Portfolio drawdown, on the other hand, quantifies the overall decline in value of a certain portfolio of investments or positions. Contrary to trade drawdown, portfolio drawdown considers the impact of all open positions or investments on the value of the portfolio. This metric is useful when evaluating the performance and risk associated with a portfolio of investments.

The Causes of Drawdown in Crypto Trading

The causes of drawdown in crypto trading are quite similar to trading other asset classes, yet there are some small differences. Here is a list of reasons why you might experience drawdown:

  • Volatility: The crypto market is a relatively small and young market. Being highly volatile, you might experience large drawdowns while trading crypto, especially if you fail to manage your risk properly.
  • Weak risk management: Having flaws in your risk management can be detrimental to your trading performance. Failing to manage your risk might lead to massive drawdowns when adverse price movements occur.
  • Poor Strategy: Having a poor-performing trading strategy or failing to clearly define trade entry criteria is another common reason for losses and drawdowns. Strategies should be based on strong technical and fundamental concepts in order to perform consistently.
  • Liquidity issues: Trading some smaller cryptocurrencies might cause a significant drawdown. Many tokens are relatively illiquid compared to Bitcoin, Ethereum, and other market leaders and you might not be able to exit your trades where you prefer due to lack of liquidity. These issues can lead to considerable losses over time.
  • Lack of discipline: Trading is a game of focus and discipline. In case you fail to follow your strategy’s predefined rules and stick to your risk management plan, you are highly susceptible to experiencing massive drawdowns.

What Is an Acceptable Drawdown in Trading? 

The acceptable drawdown in trading depends on the trader’s personality and attributes. Traders with higher risk tolerance and patience might be able to go through longer losing streaks without losing control. Therefore, they would be able to weather more drawdowns. On the other hand, more conservative individuals typically have a lower acceptable drawdown. These preferences generally show themselves in the strategy the traders choose to work with.

However, we can use a general rule of thumb. The majority of traders feel uncomfortable when their equity drops below 80% of their initial balance. Furthermore, you will need to gain 25% to reach breakeven again if you are down 20%. So, while still being a considerable amount, 20% seems like an acceptable threshold.

The Importance of Trading Psychology for Managing Drawdowns

Having a reliable trading strategy and a solid risk management plan are both essential to a trader’s success in the long term.

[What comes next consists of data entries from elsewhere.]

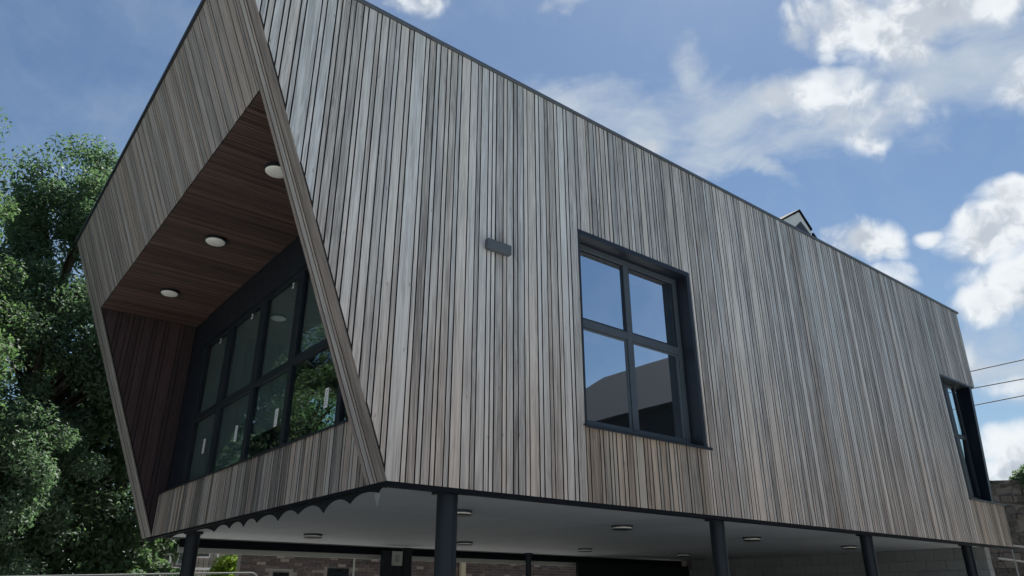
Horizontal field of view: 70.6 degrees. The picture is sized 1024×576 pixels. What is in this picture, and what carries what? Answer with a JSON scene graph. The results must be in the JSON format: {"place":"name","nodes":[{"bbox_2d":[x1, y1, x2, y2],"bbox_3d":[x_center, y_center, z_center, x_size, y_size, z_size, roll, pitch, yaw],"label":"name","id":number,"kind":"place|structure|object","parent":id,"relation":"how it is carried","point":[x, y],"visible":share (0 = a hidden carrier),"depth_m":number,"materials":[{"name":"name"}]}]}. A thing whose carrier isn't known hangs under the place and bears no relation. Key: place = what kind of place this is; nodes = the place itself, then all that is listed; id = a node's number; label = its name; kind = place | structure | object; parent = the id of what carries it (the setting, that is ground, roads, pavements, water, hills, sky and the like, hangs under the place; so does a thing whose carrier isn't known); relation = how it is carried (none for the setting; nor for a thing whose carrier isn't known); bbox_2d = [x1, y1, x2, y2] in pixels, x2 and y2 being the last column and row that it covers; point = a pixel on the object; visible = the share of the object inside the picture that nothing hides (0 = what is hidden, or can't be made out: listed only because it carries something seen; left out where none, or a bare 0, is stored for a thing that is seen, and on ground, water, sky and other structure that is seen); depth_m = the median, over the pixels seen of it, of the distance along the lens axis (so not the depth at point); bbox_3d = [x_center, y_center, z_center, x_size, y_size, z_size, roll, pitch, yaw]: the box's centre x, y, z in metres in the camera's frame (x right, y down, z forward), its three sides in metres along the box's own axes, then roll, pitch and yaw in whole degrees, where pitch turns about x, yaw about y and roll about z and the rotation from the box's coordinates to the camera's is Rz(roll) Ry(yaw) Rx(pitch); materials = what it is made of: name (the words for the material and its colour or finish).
{"place":"outdoors","nodes":[
{"label":"outdoors","id":0,"kind":"place"},
{"bbox_2d":[0,0,1023,569],"label":"sky","id":1,"kind":"structure","parent":0,"point":[895,128],"materials":[{"name":"blue"}]},
{"bbox_2d":[948,378,1023,392],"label":"overhead cable","id":2,"kind":"object","parent":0,"point":[993,384],"visible":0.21,"depth_m":29.98,"materials":[{"name":"black rubber"}]},
{"bbox_2d":[953,395,1023,409],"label":"overhead cable","id":3,"kind":"object","parent":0,"point":[997,400],"visible":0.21,"depth_m":29.98,"materials":[{"name":"black rubber"}]},
{"bbox_2d":[970,359,1023,371],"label":"overhead cable","id":4,"kind":"object","parent":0,"point":[996,365],"visible":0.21,"depth_m":29.99,"materials":[{"name":"black rubber"}]},
{"bbox_2d":[989,480,1023,575],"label":"garden stone wall","id":5,"kind":"structure","parent":0,"point":[1010,493],"depth_m":22.12,"materials":[{"name":"grey stone"}]},
{"bbox_2d":[1008,464,1023,487],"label":"wall top bush","id":6,"kind":"object","parent":5,"relation":"on","point":[1017,474],"visible":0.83,"depth_m":22.60,"materials":[{"name":"green plant"}]},
{"label":"ground","id":7,"kind":"structure","parent":0,"visible":0},
{"bbox_2d":[0,108,43,418],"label":"broadleaf tree","id":8,"kind":"object","parent":7,"relation":"on","point":[3,343],"visible":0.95,"depth_m":15.95,"materials":[{"name":"green plant"}]},
{"bbox_2d":[0,359,111,575],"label":"broadleaf tree","id":9,"kind":"object","parent":7,"relation":"on","point":[30,467],"visible":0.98,"depth_m":14.77,"materials":[{"name":"green plant"}]},
{"bbox_2d":[0,132,135,574],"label":"broadleaf tree","id":10,"kind":"object","parent":7,"relation":"on","point":[28,230],"visible":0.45,"depth_m":17.73,"materials":[{"name":"green plant"}]},
{"bbox_2d":[1,323,203,575],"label":"broadleaf tree","id":11,"kind":"object","parent":7,"relation":"on","point":[97,550],"visible":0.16,"depth_m":17.83,"materials":[{"name":"green plant"}]},
{"bbox_2d":[26,572,256,575],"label":"site fence","id":12,"kind":"object","parent":7,"relation":"on","point":[149,574],"visible":1,"depth_m":14.01,"materials":[{"name":"metal"}]},
{"bbox_2d":[110,546,196,575],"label":"hedge bush","id":13,"kind":"object","parent":7,"relation":"on","point":[145,563],"visible":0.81,"depth_m":17.01,"materials":[{"name":"green plant"}]},
{"bbox_2d":[131,528,224,575],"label":"timber outbuilding","id":14,"kind":"structure","parent":7,"relation":"on","point":[203,562],"depth_m":25.77,"materials":[{"name":"brown wood"}]},
{"bbox_2d":[176,553,182,564],"bbox_3d":[-11.572,9.418,25.482,0.400,0.650,0.075,17,-29,-35],"label":"window","id":15,"kind":"structure","parent":14,"relation":"in","point":[179,561],"depth_m":25.32,"materials":[{"name":"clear glass"}]},
{"bbox_2d":[197,553,209,557],"bbox_3d":[-11.063,9.279,25.982,0.500,0.800,0.075,17,-29,-35],"label":"window","id":16,"kind":"structure","parent":14,"relation":"in","point":[205,555],"depth_m":25.85,"materials":[{"name":"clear glass"}]},
{"bbox_2d":[179,531,203,575],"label":"steel column","id":17,"kind":"structure","parent":7,"relation":"on","point":[190,554],"depth_m":12.21,"materials":[{"name":"metal"}]},
{"bbox_2d":[205,554,237,575],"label":"lime bush","id":18,"kind":"object","parent":7,"relation":"on","point":[230,562],"visible":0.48,"depth_m":20.45,"materials":[{"name":"green plant"}]},
{"bbox_2d":[290,393,335,440],"bbox_3d":[-7.778,6.122,25.108,8.218,12.043,6.424,17,-29,-35],"label":"broadleaf tree","id":19,"kind":"object","parent":7,"relation":"on","point":[307,418],"visible":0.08,"depth_m":25.93,"materials":[{"name":"green plant"}]},
{"bbox_2d":[380,548,411,575],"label":"dark steel door","id":20,"kind":"structure","parent":7,"relation":"on","point":[387,568],"depth_m":15.62,"materials":[{"name":"paint"}]},
{"bbox_2d":[391,551,402,565],"bbox_3d":[-2.495,5.877,15.700,0.260,0.290,0.018,17,-29,-35],"label":"door notice","id":21,"kind":"object","parent":20,"relation":"attached to","point":[397,556],"depth_m":15.70,"materials":[{"name":"white paper"}]},
{"bbox_2d":[390,554,403,575],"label":"door leaf","id":22,"kind":"structure","parent":20,"relation":"in","point":[394,570],"depth_m":15.62,"materials":[{"name":"paint"}]},
{"bbox_2d":[235,555,575,575],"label":"brick wall","id":23,"kind":"structure","parent":7,"relation":"on","point":[260,565],"depth_m":17.89,"materials":[{"name":"brown brick"}]},
{"bbox_2d":[352,559,355,575],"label":"downpipe","id":24,"kind":"object","parent":23,"relation":"attached to","point":[353,570],"depth_m":17.88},
{"bbox_2d":[432,492,457,575],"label":"steel column","id":25,"kind":"structure","parent":7,"relation":"on","point":[445,536],"depth_m":7.44,"materials":[{"name":"metal"}]},
{"bbox_2d":[75,0,1012,565],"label":"timber clad building","id":26,"kind":"structure","parent":25,"relation":"on","point":[665,358],"depth_m":10.38,"materials":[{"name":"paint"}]},
{"bbox_2d":[160,288,179,296],"bbox_3d":[-6.215,0.093,13.116,0.330,0.075,0.330,17,-29,-35],"label":"ceiling light","id":27,"kind":"object","parent":26,"relation":"attached to","point":[169,292],"visible":1,"depth_m":13.04,"materials":[{"name":"white plastic"}]},
{"bbox_2d":[204,235,226,246],"bbox_3d":[-4.602,-0.723,11.219,0.330,0.075,0.330,17,-29,-35],"label":"ceiling light","id":28,"kind":"object","parent":26,"relation":"attached to","point":[216,240],"visible":1,"depth_m":11.15,"materials":[{"name":"white plastic"}]},
{"bbox_2d":[157,236,348,494],"bbox_3d":[-3.919,1.080,11.296,0.375,3.379,8.258,17,-29,-35],"label":"end window","id":29,"kind":"structure","parent":26,"relation":"in","point":[275,315],"depth_m":11.74,"materials":[{"name":"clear glass"}]},
{"bbox_2d":[264,162,282,177],"bbox_3d":[-3.054,-1.515,9.381,0.330,0.075,0.330,17,-29,-35],"label":"ceiling light","id":30,"kind":"object","parent":26,"relation":"attached to","point":[272,169],"visible":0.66,"depth_m":9.30,"materials":[{"name":"white plastic"}]},
{"bbox_2d":[303,533,322,538],"bbox_3d":[-3.550,4.425,12.885,0.330,0.070,0.330,17,-29,-35],"label":"bulkhead light","id":31,"kind":"object","parent":26,"relation":"attached to","point":[312,535],"visible":1,"depth_m":12.77,"materials":[{"name":"white plastic"}]},
{"bbox_2d":[296,390,347,419],"bbox_3d":[-4.314,3.479,15.884,1.360,2.330,0.080,17,-29,-35],"label":"rear window","id":32,"kind":"structure","parent":26,"relation":"in","point":[297,391],"depth_m":16.26,"materials":[{"name":"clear glass"}]},
{"bbox_2d":[457,509,471,516],"bbox_3d":[-0.685,2.951,9.463,0.330,0.070,0.330,17,-29,-35],"label":"bulkhead light","id":33,"kind":"object","parent":26,"relation":"attached to","point":[464,513],"visible":0.59,"depth_m":9.35,"materials":[{"name":"white plastic"}]},
{"bbox_2d":[457,541,472,545],"bbox_3d":[-0.957,5.187,14.656,0.330,0.070,0.330,17,-29,-35],"label":"bulkhead light","id":34,"kind":"object","parent":26,"relation":"attached to","point":[464,543],"visible":0.99,"depth_m":14.54,"materials":[{"name":"white plastic"}]},
{"bbox_2d":[485,238,511,256],"bbox_3d":[-0.173,-0.487,8.812,0.360,0.136,0.096,17,-29,-35],"label":"wall lamp","id":35,"kind":"object","parent":26,"relation":"attached to","point":[498,247],"visible":1,"depth_m":8.77,"materials":[{"name":"grey metal"}]},
{"bbox_2d":[578,548,591,551],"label":"bulkhead light","id":36,"kind":"object","parent":26,"relation":"attached to","point":[585,549],"visible":1,"depth_m":16.49,"materials":[{"name":"white plastic"}]},
{"bbox_2d":[612,524,632,530],"bbox_3d":[1.734,3.776,11.377,0.330,0.070,0.330,17,-29,-35],"label":"bulkhead light","id":37,"kind":"object","parent":26,"relation":"attached to","point":[623,527],"visible":1,"depth_m":11.26,"materials":[{"name":"white plastic"}]},
{"bbox_2d":[577,229,712,450],"bbox_3d":[1.731,0.799,10.209,2.460,2.755,0.460,17,-29,-35],"label":"window","id":38,"kind":"structure","parent":26,"relation":"in","point":[641,377],"depth_m":10.32,"materials":[{"name":"blue glass"}]},
{"bbox_2d":[677,553,689,556],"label":"bulkhead light","id":39,"kind":"object","parent":26,"relation":"attached to","point":[683,554],"visible":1,"depth_m":18.36,"materials":[{"name":"white plastic"}]},
{"bbox_2d":[743,537,760,541],"bbox_3d":[4.498,4.708,13.542,0.330,0.070,0.330,17,-29,-35],"label":"bulkhead light","id":40,"kind":"object","parent":26,"relation":"attached to","point":[750,539],"visible":1,"depth_m":13.43,"materials":[{"name":"white plastic"}]},
{"bbox_2d":[780,209,816,237],"bbox_3d":[5.768,-0.718,17.218,2.400,1.655,2.530,17,-29,-35],"label":"roof dormer","id":41,"kind":"object","parent":26,"relation":"on","point":[797,218],"visible":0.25,"depth_m":16.60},
{"bbox_2d":[796,222,810,234],"bbox_3d":[6.647,-1.390,16.562,0.720,0.290,0.018,17,-29,-35],"label":"window","id":42,"kind":"structure","parent":41,"relation":"in","point":[800,225],"depth_m":16.56,"materials":[{"name":"glass"}]},
{"bbox_2d":[841,545,856,549],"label":"bulkhead light","id":43,"kind":"object","parent":26,"relation":"attached to","point":[846,547],"visible":1,"depth_m":15.59,"materials":[{"name":"white plastic"}]},
{"bbox_2d":[939,374,1006,505],"bbox_3d":[10.246,3.482,16.427,1.900,2.745,0.470,17,-29,-35],"label":"window","id":44,"kind":"structure","parent":26,"relation":"in","point":[974,468],"depth_m":16.52,"materials":[{"name":"clear glass"}]},
{"bbox_2d":[459,562,465,575],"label":"door jamb","id":45,"kind":"object","parent":7,"relation":"on","point":[462,569],"depth_m":19.73,"materials":[{"name":"beige paint"}]},
{"bbox_2d":[524,553,532,575],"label":"steel column","id":46,"kind":"structure","parent":7,"relation":"on","point":[528,564],"depth_m":18.03,"materials":[{"name":"metal"}]},
{"bbox_2d":[576,562,688,575],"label":"dark partition","id":47,"kind":"object","parent":7,"relation":"on","point":[595,569],"visible":1,"depth_m":20.30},
{"bbox_2d":[705,519,729,575],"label":"steel column","id":48,"kind":"structure","parent":7,"relation":"on","point":[719,549],"depth_m":10.09,"materials":[{"name":"metal"}]},
{"bbox_2d":[681,547,994,575],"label":"block wall","id":49,"kind":"structure","parent":7,"relation":"on","point":[940,562],"depth_m":18.09,"materials":[{"name":"concrete"}]},
{"bbox_2d":[856,534,879,575],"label":"steel column","id":50,"kind":"structure","parent":7,"relation":"on","point":[869,555],"depth_m":12.52,"materials":[{"name":"metal"}]},
{"bbox_2d":[958,545,978,575],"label":"steel column","id":51,"kind":"structure","parent":7,"relation":"on","point":[969,560],"depth_m":14.93,"materials":[{"name":"metal"}]},
{"bbox_2d":[998,545,1023,575],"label":"handrail","id":52,"kind":"object","parent":7,"relation":"on","point":[1014,560],"visible":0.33,"depth_m":16.98,"materials":[{"name":"metal"}]}
]}

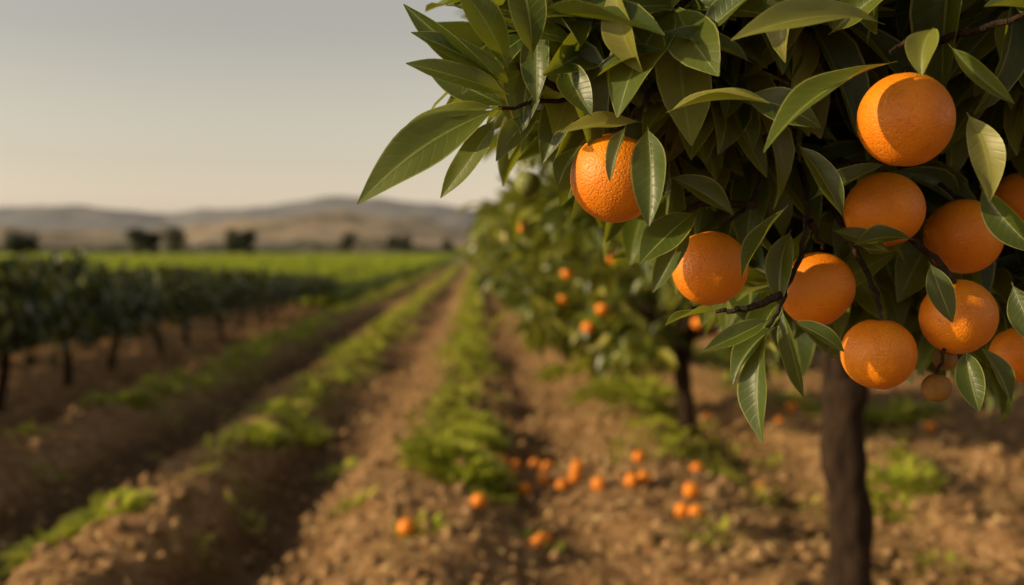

Yet, the most important element in trading is psychology. Trading psychology is the glue that keeps other parts of trading in place and assures consistency over the long run.

The Importance of Trading Psychology for Managing Drawdowns

Emotional control is one of the key determining factors in a trader’s journey. For instance, if you fail to control your emotions after a string of losses, you are likely to revenge trade. Revenge trading is usually done by either increasing the amount you are willing to risk for an individual trade (over-leveraging) or taking more trades than usual (over-trading). Each of these issues can cause large drawdowns and with low control over yourself, you are highly unlikely to recover.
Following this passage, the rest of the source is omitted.